Дед Кошелев Михайло до революции был купцом и имел хороших знакомых среди старообрядцев. Несколько раз посещал в Москве их церкви. Прибыв на Алтай, встретился по рекомендательным письмам с местными староверами и нашёл среди них поддержку при обустройстве. Большую помощь оказал Михаил Ефтеевич Долгов, имеющий большой авторитет, как в своей общине, так и в округе. Документ на жительство получили в районном селе Старая Барда (ныне Красногорское), а когда стали выделять семейству Кошелевых земельный надел, узрели писари у его внучки необычное имя – Россия.
Долго дивились местные бюрократы, вроде бы имя заверено печатью, но всё же негоже иметь такое в документе о предоставлении земли. Долго решали, одну или две буквы «с» в девичьем имени оставить в акте на получение земли. До самого начальника района дошли, тот по-своему определил:
– Раз в Сибирь из России приехала, пусть Россией Ивановной и останется.
Записали, как было в документе, с двумя буквами «с», после чего спросили, кто же такое имя дал.

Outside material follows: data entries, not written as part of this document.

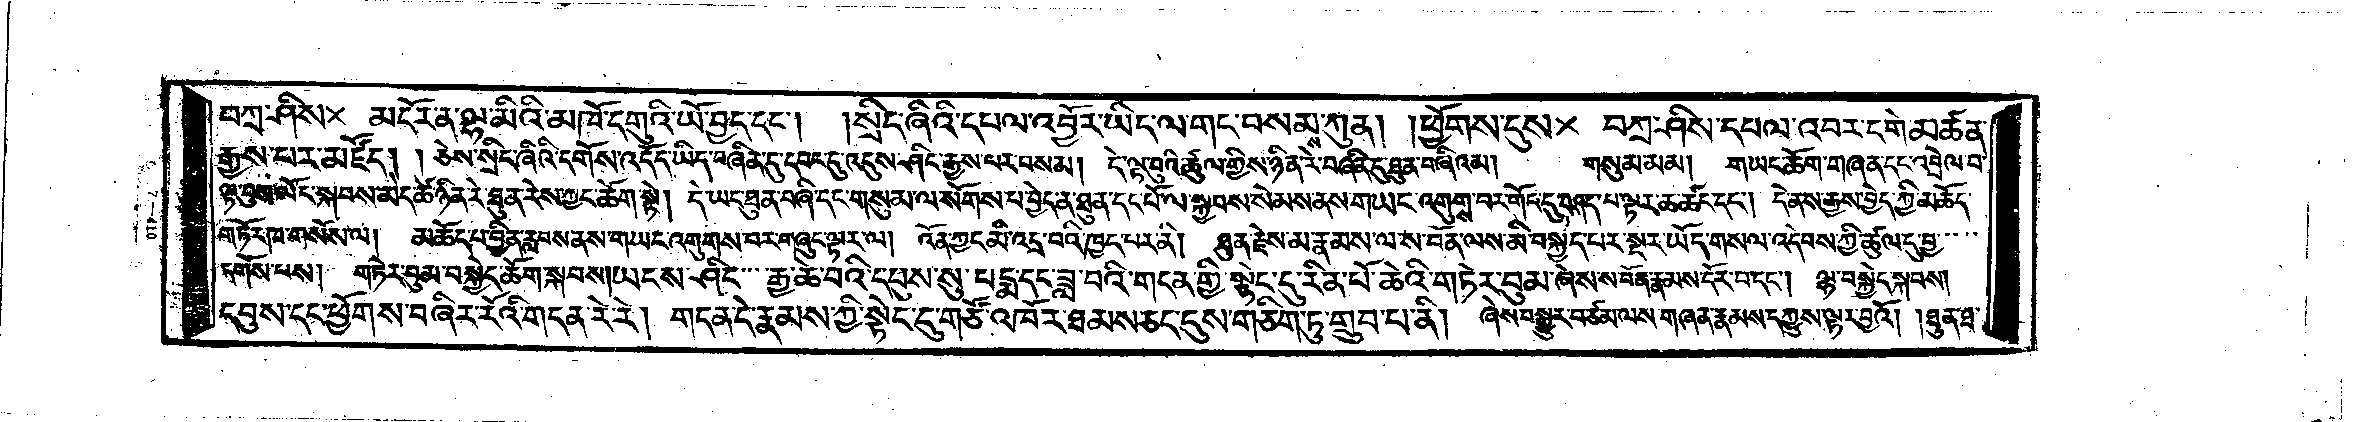བཀྲ་ཤིས་྾་མདོར་ན་ལྷ་མིའི་མཁོ་དགུའི་ཡོ་བྱད་དང་། །སྲིད་ཞིའི་དཔལ་འབྱོར་ཡིད་ལ་གང་བསམ་ཀུན། །ཕྱོགས་དུས་྾་བཀྲ་ཤིས་དཔལ་འབར་དགེ་མཚན་
རྒྱས་པར་མཛོད། །ཅེས་སྲིད་ཞིའི་དགོས་འདོད་ཡིད་བཞིན་དུ་དབང་དུ་འདུས་ཤིང་རྒྱས་པར་བསམ། དེ་ལྟ་བུའི་ཚུལ་གྱིས་ཉིན་རེ་བཞིན་དུ་ཐུན་བཞིའམ། གསུམ་མམ། གཡང་ཆོག་གཞན་དང་འབྲེལ་བ་
ལྟ་བུས་ལོང་སྐབས་མེད་ཚེ་ཉིན་རེ་ཐུན་རེས་ཀྱང་ཆོག་སྟེ། དེ་ཡང་ཐུན་བཞི་དང་གསུམ་ལ་སོགས་པ་བྱེད་ན་ཐུན་དང་པོ་ལ་སྐྱབས་སེམས་ནས་གཡང་འགུགས་བར་གོང་དུ་བཤད་པ་ལྟར་ཆ་ཚང་དང་། དེ་ནས་རྒྱས་བྱེད་ཀྱི་མཆོད་
གཏོར་ཁ་གསོས་ལ། མཆོད་པ་བྱིན་རླབས་ནས་གཡང་འགུགས་པར་གཞུང་ལྟར་ལ། འོན་ཀྱང་མི་འདྲ་བའི་ཁྱད་པར་ནི། ཐུན་རྗེས་མ་རྣམས་ལ་ས་བོན་ལས་མི་བསྐྱེད་པར་སྔར་ཡོད་གསལ་འདེབས་ཀྱི་ཚུལ་དུ་བྱ་
དགོས་པས། གཏེར་བུམ་བསྐྱེད་ཆོག་སྐབས་།ཡངས་ཤིང་རྒྱ་ཆེ་བའི་དབུས་སུ་པདམ་དང་ཟླ་བའི་གདན་གྱི་སྟེང་དུ་རིན་པོ་ཆེའི་གཏེར་བུམ་ཞེས་ས་བོན་རྣམས་དོར་བ་དང་། ལྷ་བསྐྱེད་སྐབས།
དབུས་དང་ཕྱོགས་པ་ཞིར་རོའི་གདན་རེ་རེ། གདན་དེ་རྣམས་ཀྱི་སྟེང་དུ་གཙོ་འཁོར་ཐམས་ཅད་དུས་གཅིག་ཏུ་གྲུབ་པ་ནི། ཞེས་བསྒྱུར་བ་ཙམ་ལས་གཞན་རྣམས་དཀྱུས་ལྟར་བྱའོ། །ཐུན་ཐ་

– Родительница её, будучи на сносях, ранним утром понесла поесть мужикам в поле, да, видно, судьба была ей родить на мокрой от росы траве, – начал рассказ дед Михайло. – Матушка-мордовка, хоть и крещеная, возьми да и назови дитя Росиной, на росе родила. Долго потом священника уговаривали всем семейством, чтобы тот вопреки христианскому обычаю окрестил новорожденную этим именем. Сдался священник, но предсказал родителям: «Много горя вашей дочери придётся испытать, и вода ещё не раз её крестить и испытывать будет». После погрузил дитя трижды в теплую летнюю воду реки Чембар, что близ нашего села Кукарки протекает. В первый раз то пророчество в разгар Гражданской войны и сбылось. Белые, красные, банды разных мастей, а между них мы – крестьяне. И всем дай, всех ублажи.
Залетела в наше село такая вот бандитская вражья стая. Народ в панику, мать Росину свою и ещё троих ребятишек в хлев, там и спрятала. Ну, а как крик, свист сабель, плач да топот коней, как начали рубить шашками мужиков, кто новой власти сочувствовал, Росина с испугу и выбежала во двор. Хоть и двенадцать лет ей было, а на вид года на три больше, парни уже заглядывались. Бросились за девочкой бандиты, обезумев от крови, решили над ней поиздеваться, загнали в соседний двор, а там колодец. Поняли её намерение, да уж поздно, давай по ногам стрелять. Обожгло ногу внучке моей, но сгоряча всё-таки успела до сруба добежать и, не оглядываясь, кинулась в него. Озверели бандиты и стали стрелять в колодец, хотели гранату бросить, спасибо хозяину двора Степану, уговорил за бутыль самогона не осквернять источник.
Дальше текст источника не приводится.